"""

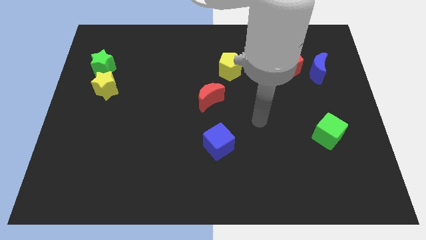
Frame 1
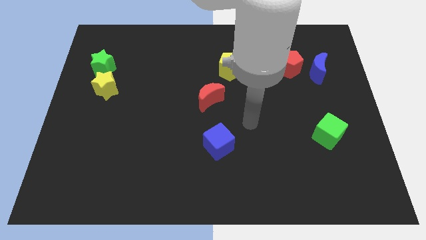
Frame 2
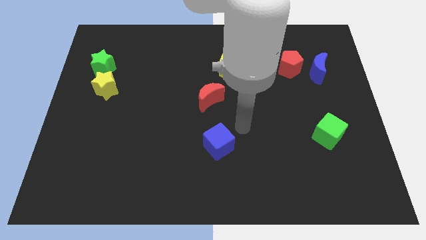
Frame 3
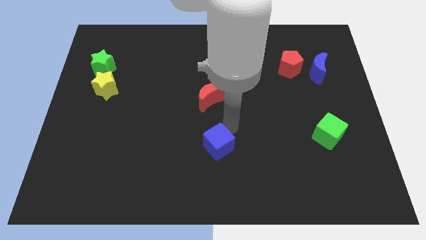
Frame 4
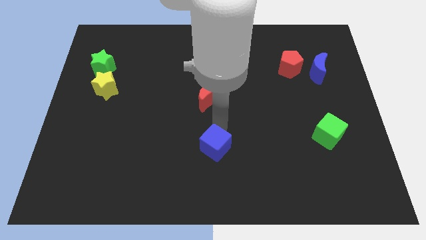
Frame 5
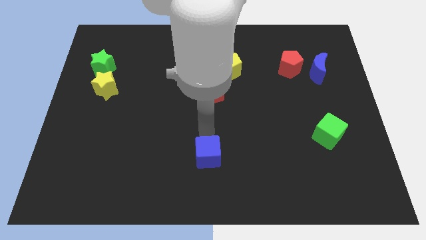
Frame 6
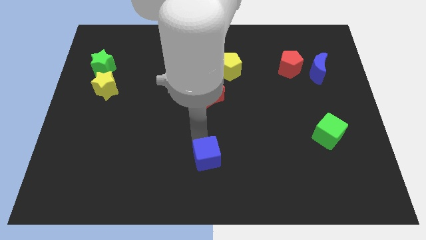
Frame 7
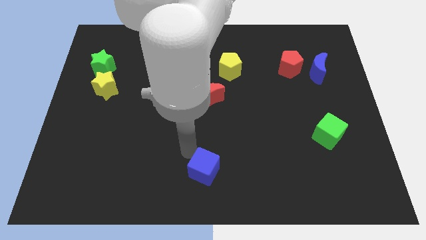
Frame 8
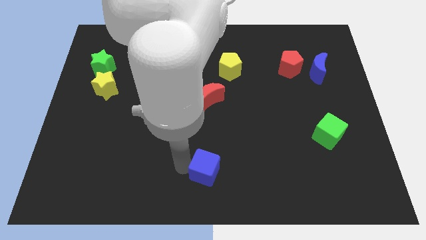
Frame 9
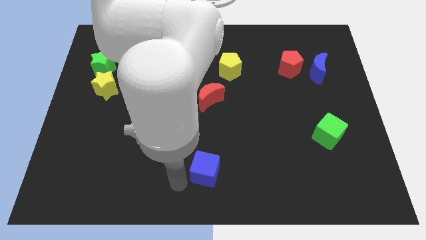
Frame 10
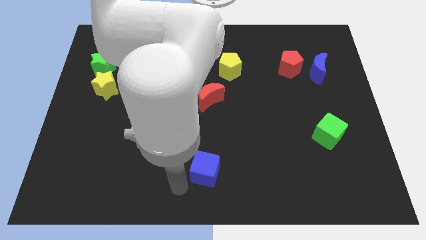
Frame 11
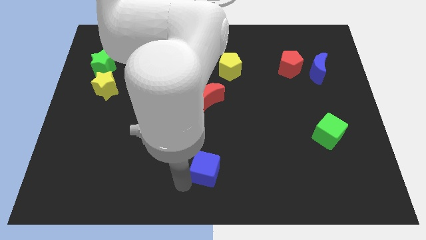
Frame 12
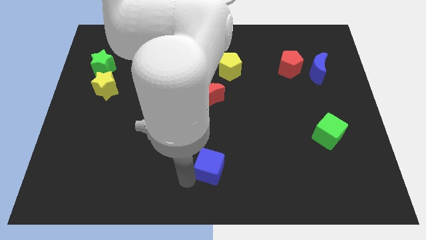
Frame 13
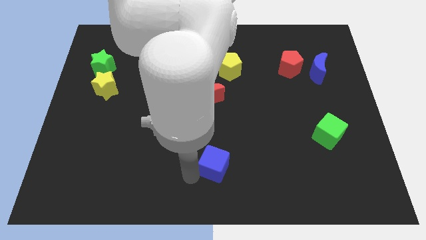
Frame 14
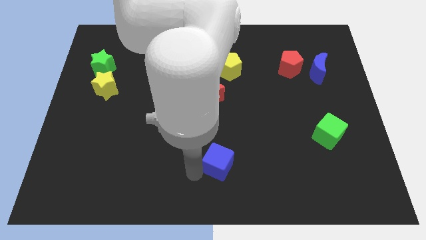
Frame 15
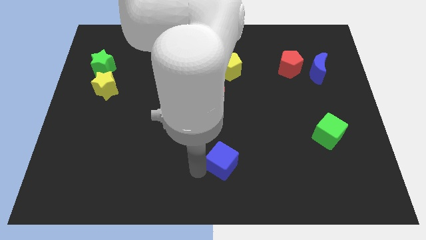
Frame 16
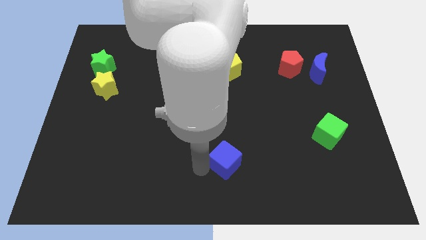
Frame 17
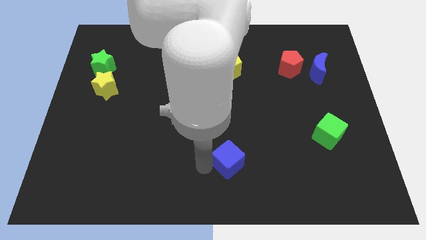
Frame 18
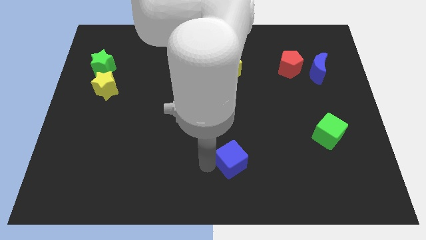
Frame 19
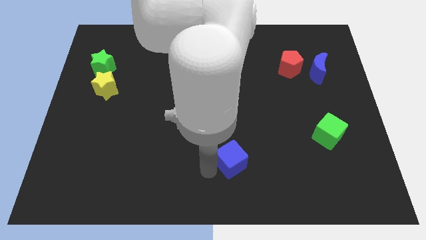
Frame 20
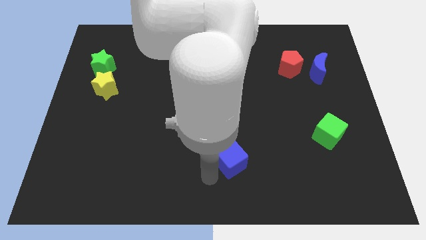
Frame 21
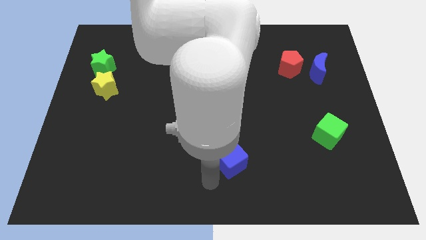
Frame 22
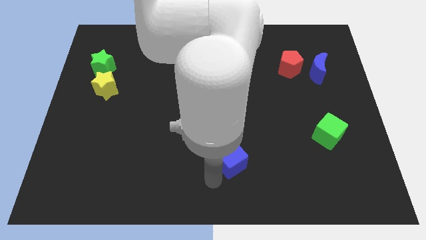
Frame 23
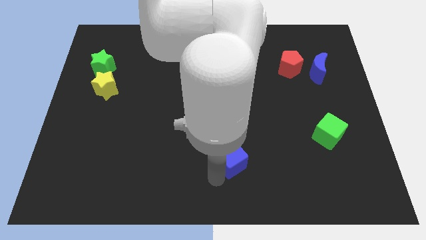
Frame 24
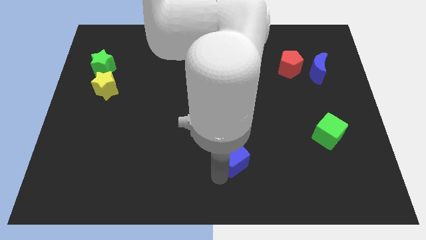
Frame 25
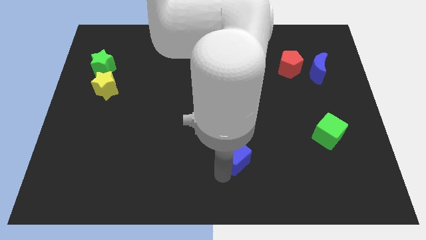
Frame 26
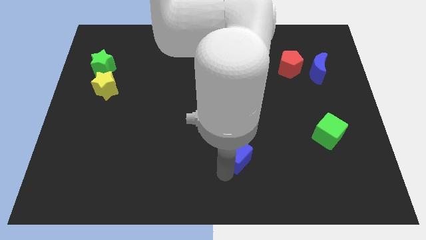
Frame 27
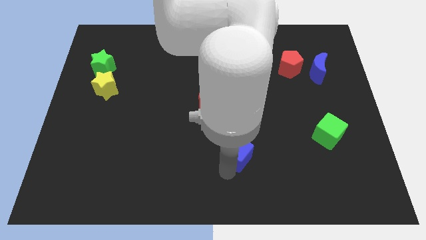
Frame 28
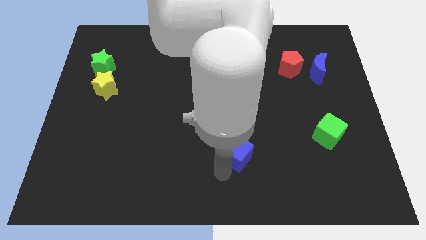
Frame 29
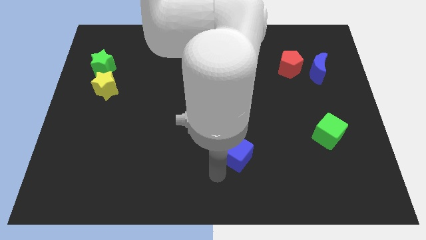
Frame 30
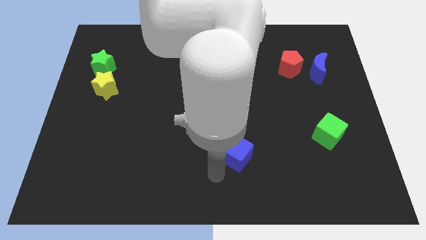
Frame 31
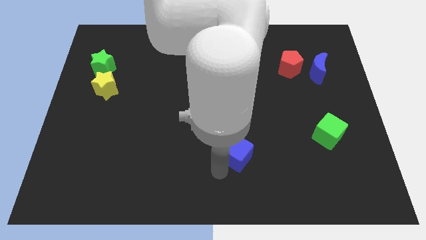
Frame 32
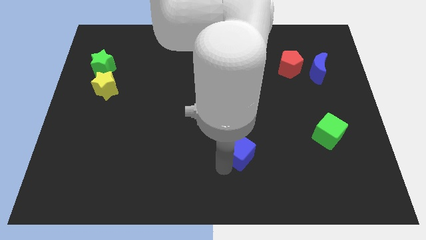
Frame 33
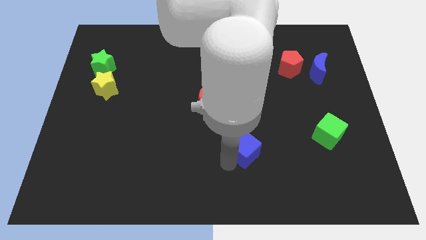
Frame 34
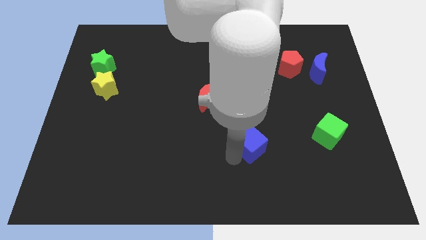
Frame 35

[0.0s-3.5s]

"""

WORK ORDER »
Without the pictures, restate all of the entries word for word.

RESULT BELOW »
Frame 1
Frame 2
Frame 3
Frame 4
Frame 5
Frame 6
Frame 7
Frame 8
Frame 9
Frame 10
Frame 11
Frame 12
Frame 13
Frame 14
Frame 15
Frame 16
Frame 17
Frame 18
Frame 19
Frame 20
Frame 21
Frame 22
Frame 23
Frame 24
Frame 25
Frame 26
Frame 27
Frame 28
Frame 29
Frame 30
Frame 31
Frame 32
Frame 33
Frame 34
Frame 35

[0.0s-3.5s]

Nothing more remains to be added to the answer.